A questão do tempo não é coerente em nenhuma das artes, entretanto no teatro, por ser ao vivo, a passagem do tempo não traz estranhamento para a plateia, uma vez que cenas se sucedem, mudam-se os cenários e a obra pode ser compreendida. Essa compreensão acompanha também a leitura da peça. Com a intenção de se manter fiel ao texto, o filme apresenta situações desconexas, tendo em vista que a linguagem cinematográfica tem seus limites quando se trata de fazer adaptação de alguma obra literária.  As distâncias, por exemplo, chamam a atenção, porque os mesmos espaços são percorridos em tempos diferentes. O escritor Umberto Eco[4] fala sobre as duas linguagens e explica que “Também no filme, às vezes mais do que no romance, existem os “vazios” das coisas não ditas (ou não mostradas) que o espectador tem de preencher se quiser dar sentido à história. Aliás, se um romance pode ter páginas à disposição para tracejar a psicologia de uma personagem, o filme, não raro, tem de limitar-se a um gesto, a uma fugaz expressão do rosto, a uma fala de diálogo.”
O dramaturgo e o diretor realçam a inteligência e determinação de Pórcia, o que faz dela a heroína desta história. Ao direcionar a escolha da caixa certa, prova-se se tratar de uma mulher de caráter forte, que dissimula ser a escolhida quando na verdade a decisão é dela, fato sutilmente elaborado por Pórcia, não caracterizando traição aos desejos do pai. E ainda, é dela a iniciativa de ir a Veneza e defender Antônio no julgamento.
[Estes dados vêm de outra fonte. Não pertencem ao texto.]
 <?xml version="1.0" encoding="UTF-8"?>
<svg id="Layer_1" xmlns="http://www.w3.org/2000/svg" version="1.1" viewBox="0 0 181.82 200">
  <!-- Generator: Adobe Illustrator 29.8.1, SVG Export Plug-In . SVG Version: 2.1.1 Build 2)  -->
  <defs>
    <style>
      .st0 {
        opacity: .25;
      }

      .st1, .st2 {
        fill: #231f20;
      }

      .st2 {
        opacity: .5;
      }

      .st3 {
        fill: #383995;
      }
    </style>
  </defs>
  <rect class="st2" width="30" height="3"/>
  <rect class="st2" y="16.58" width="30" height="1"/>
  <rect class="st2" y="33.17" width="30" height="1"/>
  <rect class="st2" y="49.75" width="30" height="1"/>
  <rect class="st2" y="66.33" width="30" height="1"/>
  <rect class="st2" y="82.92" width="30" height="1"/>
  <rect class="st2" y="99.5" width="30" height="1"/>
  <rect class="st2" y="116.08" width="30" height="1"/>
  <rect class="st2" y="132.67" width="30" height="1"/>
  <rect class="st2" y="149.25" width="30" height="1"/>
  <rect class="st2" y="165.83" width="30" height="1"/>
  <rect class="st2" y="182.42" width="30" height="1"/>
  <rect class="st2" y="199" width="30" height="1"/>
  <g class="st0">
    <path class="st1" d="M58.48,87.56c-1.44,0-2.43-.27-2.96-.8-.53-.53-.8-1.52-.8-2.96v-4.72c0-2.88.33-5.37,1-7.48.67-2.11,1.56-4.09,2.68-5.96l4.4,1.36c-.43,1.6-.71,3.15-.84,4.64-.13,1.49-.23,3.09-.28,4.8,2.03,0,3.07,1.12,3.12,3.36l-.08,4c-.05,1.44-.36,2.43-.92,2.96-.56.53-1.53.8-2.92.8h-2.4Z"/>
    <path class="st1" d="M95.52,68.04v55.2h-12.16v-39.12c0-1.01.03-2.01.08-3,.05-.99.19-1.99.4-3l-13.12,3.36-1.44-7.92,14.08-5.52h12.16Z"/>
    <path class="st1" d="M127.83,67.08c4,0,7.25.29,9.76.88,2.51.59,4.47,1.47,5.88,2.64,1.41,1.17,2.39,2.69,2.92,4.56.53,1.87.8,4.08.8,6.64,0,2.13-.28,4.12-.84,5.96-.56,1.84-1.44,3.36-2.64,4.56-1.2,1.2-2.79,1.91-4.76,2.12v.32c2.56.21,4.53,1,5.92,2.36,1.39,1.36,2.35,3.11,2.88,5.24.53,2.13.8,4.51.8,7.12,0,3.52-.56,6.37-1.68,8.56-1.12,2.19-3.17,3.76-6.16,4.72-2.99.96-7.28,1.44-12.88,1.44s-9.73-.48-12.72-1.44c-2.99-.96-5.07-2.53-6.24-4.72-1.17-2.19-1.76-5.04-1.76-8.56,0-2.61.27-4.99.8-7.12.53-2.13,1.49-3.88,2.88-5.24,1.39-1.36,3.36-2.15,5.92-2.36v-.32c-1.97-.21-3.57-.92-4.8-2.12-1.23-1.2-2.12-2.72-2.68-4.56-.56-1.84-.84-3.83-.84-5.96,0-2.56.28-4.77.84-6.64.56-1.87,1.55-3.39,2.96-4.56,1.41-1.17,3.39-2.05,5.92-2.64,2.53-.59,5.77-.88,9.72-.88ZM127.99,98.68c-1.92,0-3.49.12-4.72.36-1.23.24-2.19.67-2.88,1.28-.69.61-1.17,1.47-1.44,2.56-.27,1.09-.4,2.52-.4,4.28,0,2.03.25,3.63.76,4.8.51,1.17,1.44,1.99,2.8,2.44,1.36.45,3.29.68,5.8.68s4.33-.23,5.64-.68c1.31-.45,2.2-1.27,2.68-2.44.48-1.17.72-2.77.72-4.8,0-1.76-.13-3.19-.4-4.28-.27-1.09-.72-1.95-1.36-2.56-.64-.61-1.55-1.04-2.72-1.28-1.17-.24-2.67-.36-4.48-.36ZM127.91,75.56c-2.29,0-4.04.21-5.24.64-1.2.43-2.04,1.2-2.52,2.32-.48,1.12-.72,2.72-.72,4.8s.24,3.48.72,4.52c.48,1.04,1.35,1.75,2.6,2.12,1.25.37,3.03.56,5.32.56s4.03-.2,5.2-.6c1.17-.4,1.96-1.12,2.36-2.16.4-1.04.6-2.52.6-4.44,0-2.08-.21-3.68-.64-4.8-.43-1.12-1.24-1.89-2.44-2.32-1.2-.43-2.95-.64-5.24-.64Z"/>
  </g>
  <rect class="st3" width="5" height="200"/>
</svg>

No livro apreendemos sua personalidade por meio de suas atitudes e pensamentos, enquanto no filme contamos com os seus olhares.
Os recursos utilizados pelo autor de um livro e pelo diretor de um filme para delinear a personalidade de seus personagens são, com certeza, diferentes. Shakespeare O autor faz malabarismos com seus personagens, utilizando máscaras de todas as formas, para mostrar o grande jogo de aparências e hipocrisia existente naquela sociedade. Esse jogo pode ser visto também no cinema. Na tela, como as máscaras são visíveis, tem-se a impressão de que são alegorias, como as utilizadas em festas à fantasia ou nos carnavais.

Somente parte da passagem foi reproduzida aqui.